Give only the number of lines in the records below that contain the word "demolished".

==== Available records

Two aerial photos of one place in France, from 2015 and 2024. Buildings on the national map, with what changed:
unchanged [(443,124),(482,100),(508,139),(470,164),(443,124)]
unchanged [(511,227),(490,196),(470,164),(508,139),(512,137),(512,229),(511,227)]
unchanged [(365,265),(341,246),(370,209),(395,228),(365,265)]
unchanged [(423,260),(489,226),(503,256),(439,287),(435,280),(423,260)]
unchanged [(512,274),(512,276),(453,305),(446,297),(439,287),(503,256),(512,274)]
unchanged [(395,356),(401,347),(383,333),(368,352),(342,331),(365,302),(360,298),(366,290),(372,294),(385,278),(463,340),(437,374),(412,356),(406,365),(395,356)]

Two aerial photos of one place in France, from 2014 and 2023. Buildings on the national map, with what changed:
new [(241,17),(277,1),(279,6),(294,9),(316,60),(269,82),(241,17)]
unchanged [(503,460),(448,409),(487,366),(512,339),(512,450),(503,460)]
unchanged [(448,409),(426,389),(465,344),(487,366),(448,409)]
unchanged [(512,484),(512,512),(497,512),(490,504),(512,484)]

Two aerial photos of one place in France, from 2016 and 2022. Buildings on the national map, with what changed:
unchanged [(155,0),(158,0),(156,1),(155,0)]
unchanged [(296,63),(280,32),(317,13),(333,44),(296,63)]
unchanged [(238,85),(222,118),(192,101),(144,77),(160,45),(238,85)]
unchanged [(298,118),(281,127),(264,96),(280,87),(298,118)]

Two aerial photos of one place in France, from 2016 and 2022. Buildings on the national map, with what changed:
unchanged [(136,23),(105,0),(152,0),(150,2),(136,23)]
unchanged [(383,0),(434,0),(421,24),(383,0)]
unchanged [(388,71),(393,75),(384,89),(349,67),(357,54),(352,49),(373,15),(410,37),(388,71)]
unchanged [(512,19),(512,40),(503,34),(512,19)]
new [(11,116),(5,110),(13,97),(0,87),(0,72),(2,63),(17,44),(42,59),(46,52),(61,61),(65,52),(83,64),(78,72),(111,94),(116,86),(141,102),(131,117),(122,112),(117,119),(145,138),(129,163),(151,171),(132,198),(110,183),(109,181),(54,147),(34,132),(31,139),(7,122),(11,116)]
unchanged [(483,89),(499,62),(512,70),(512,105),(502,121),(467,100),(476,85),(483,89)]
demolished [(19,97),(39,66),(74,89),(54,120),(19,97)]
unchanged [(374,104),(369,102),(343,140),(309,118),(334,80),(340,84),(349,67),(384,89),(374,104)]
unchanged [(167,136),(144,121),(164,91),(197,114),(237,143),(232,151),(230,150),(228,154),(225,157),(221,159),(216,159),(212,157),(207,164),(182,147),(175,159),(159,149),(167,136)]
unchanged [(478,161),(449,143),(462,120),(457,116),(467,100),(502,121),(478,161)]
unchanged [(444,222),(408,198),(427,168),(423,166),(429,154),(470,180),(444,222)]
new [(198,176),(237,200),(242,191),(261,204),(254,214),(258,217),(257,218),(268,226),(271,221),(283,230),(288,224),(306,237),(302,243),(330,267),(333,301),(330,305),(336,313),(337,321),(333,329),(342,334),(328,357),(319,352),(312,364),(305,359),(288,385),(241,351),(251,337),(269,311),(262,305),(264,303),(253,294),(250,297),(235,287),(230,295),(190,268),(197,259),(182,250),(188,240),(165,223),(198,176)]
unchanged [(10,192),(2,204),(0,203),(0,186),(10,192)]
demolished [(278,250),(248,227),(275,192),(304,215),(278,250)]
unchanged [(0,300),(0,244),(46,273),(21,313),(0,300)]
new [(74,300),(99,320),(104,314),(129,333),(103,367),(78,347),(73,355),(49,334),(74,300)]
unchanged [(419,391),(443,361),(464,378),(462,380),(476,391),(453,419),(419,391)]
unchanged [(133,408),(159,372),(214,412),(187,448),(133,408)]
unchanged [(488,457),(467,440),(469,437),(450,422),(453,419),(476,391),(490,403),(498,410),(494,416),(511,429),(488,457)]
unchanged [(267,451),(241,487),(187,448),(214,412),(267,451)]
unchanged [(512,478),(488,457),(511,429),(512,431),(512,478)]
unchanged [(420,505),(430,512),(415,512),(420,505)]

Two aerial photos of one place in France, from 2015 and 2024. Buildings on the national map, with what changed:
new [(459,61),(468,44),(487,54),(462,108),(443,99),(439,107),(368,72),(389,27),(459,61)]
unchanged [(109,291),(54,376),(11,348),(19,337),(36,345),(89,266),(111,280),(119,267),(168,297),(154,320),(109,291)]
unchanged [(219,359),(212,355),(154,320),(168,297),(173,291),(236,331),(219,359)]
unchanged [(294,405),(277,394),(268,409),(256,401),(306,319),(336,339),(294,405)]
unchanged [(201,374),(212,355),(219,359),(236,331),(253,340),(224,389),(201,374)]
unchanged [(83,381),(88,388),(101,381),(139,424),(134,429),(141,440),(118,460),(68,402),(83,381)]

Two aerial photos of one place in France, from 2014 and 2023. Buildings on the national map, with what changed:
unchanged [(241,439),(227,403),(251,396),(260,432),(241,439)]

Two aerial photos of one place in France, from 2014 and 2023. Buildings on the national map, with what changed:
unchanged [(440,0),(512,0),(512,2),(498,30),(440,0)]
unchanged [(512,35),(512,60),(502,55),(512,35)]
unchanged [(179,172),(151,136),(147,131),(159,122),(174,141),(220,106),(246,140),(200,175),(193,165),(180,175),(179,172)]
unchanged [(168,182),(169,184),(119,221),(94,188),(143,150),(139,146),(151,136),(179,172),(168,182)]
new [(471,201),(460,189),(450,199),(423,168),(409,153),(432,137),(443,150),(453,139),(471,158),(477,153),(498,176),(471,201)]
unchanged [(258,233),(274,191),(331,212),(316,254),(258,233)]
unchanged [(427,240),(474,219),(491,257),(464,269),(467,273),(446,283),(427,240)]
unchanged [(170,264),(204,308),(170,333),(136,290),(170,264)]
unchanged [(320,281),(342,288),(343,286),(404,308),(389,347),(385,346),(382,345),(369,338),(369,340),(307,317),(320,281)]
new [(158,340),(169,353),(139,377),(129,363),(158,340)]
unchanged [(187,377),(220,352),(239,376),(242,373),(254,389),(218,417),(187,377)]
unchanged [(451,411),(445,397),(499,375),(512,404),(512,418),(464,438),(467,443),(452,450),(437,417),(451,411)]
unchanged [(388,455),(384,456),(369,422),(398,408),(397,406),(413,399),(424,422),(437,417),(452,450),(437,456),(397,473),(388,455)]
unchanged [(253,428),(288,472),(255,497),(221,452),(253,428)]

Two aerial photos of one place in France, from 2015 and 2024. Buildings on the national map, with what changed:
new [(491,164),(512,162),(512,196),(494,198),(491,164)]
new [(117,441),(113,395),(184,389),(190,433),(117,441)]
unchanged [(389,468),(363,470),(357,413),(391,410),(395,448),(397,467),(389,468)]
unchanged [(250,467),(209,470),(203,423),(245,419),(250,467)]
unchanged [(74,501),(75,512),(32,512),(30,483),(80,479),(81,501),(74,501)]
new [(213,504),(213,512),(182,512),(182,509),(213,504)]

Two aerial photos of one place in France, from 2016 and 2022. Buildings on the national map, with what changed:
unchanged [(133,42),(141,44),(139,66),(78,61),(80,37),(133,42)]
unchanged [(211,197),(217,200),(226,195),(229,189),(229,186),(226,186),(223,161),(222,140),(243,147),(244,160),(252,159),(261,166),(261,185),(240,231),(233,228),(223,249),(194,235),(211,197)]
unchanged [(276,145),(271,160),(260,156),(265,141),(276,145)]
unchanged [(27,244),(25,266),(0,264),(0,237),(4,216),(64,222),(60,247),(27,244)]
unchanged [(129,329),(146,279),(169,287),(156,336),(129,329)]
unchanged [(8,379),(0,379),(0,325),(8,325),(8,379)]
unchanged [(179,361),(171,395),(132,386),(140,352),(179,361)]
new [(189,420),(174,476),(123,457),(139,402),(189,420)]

========

> **Answer box**
2